As disappointing as it was, being denied by that bank wasn’t a surprise. In June, I wrote an essay for the New York Times about the surreality of having some money now after spending the first 35 or so years of my life either broke or broke-adjacent. While I should be able to enjoy this new status—and my sneaker purchases over the last year should let you know I definitely have—I still feel like I’m waiting for the other shoe to drop. And much of this anxiety is due to the experience of living-while-black in America.
Even now, as I’ve evolved from ashy to nasty to classy enough to shop at Whole Foods instead of going there only for the free samples, I’m the sole person in my immediate family to experience such a change. This makes my new status even more surreal, as if I’m getting Punk’d, which is not an uncommon feeling among black people who’ve undergone similar financial changes.
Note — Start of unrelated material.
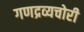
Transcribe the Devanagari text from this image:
गणद्रव्यचोरी
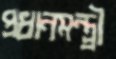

Hundreds of years of structural and intentional anti-black bias have left us with a race-based financial dichotomy so stark that the racial wealth gap looks like a typo. For every $100 in white family wealth, for instance, black families hold just $5.04. (Those four cents feel insulting. We couldn’t even get a full nickel?)
In this context, success feels fake. And also tenuous, because it’s often accompanied by an expectation that you have to assist friends and family who are less fortunate.
There are few things I’ve done that have made me as hyper-cognizant of my blackness than the entire home-buying process. I went in with trepidation, knowing the history of homeownership-while-black and the obstacles America places in your way. I predicted that my relatively nontraditional means of income would be an issue, and it was. I wondered if my type of work—which often involves me saying things many white people find uncomfortable and insulting—would be an issue. And I watched and waited and cringed and winced as these collections of white people—the real estate company, the mortgage company, the settlement people, the bank—went through my records like a butcher inspecting and vetting a porterhouse steak.
My story—this story—had a good ending. After being denied by the bank he usually works with, my mortgage consultant told me about another consultant who worked with a bank that might be able to do my loan. He passed me on to them and it worked. We were even able to meet our original closing date. We moved into our house last weekend. I am writing this, in fact, while sitting at a countertop in my new kitchen.
This is a good thing. But sometimes, existing-while-black means that even sometimes good things come attached with sour aftertastes. I check every box that you’re supposed to be able to check. I have a generous and steady income, plus multiple revenue sources to supplement it. I have a sizable amount of money in savings. I have money in escrow, and I don’t even know what the fuck escrow means. I am married to an entrepreneur with an advanced degree. We have one child. And none of this mattered.
Or, better yet, none of this mattered enough to negate that one other thing. It wasn’t enough for them to trust me. And If I didn’t get lucky—if I didn’t happen to work with a mortgage consultant who happened to be kind enough to connect me to someone who might be able to do my deal—you wouldn’t be reading about this, because I’d still be too sore about my loan falling through to write about it.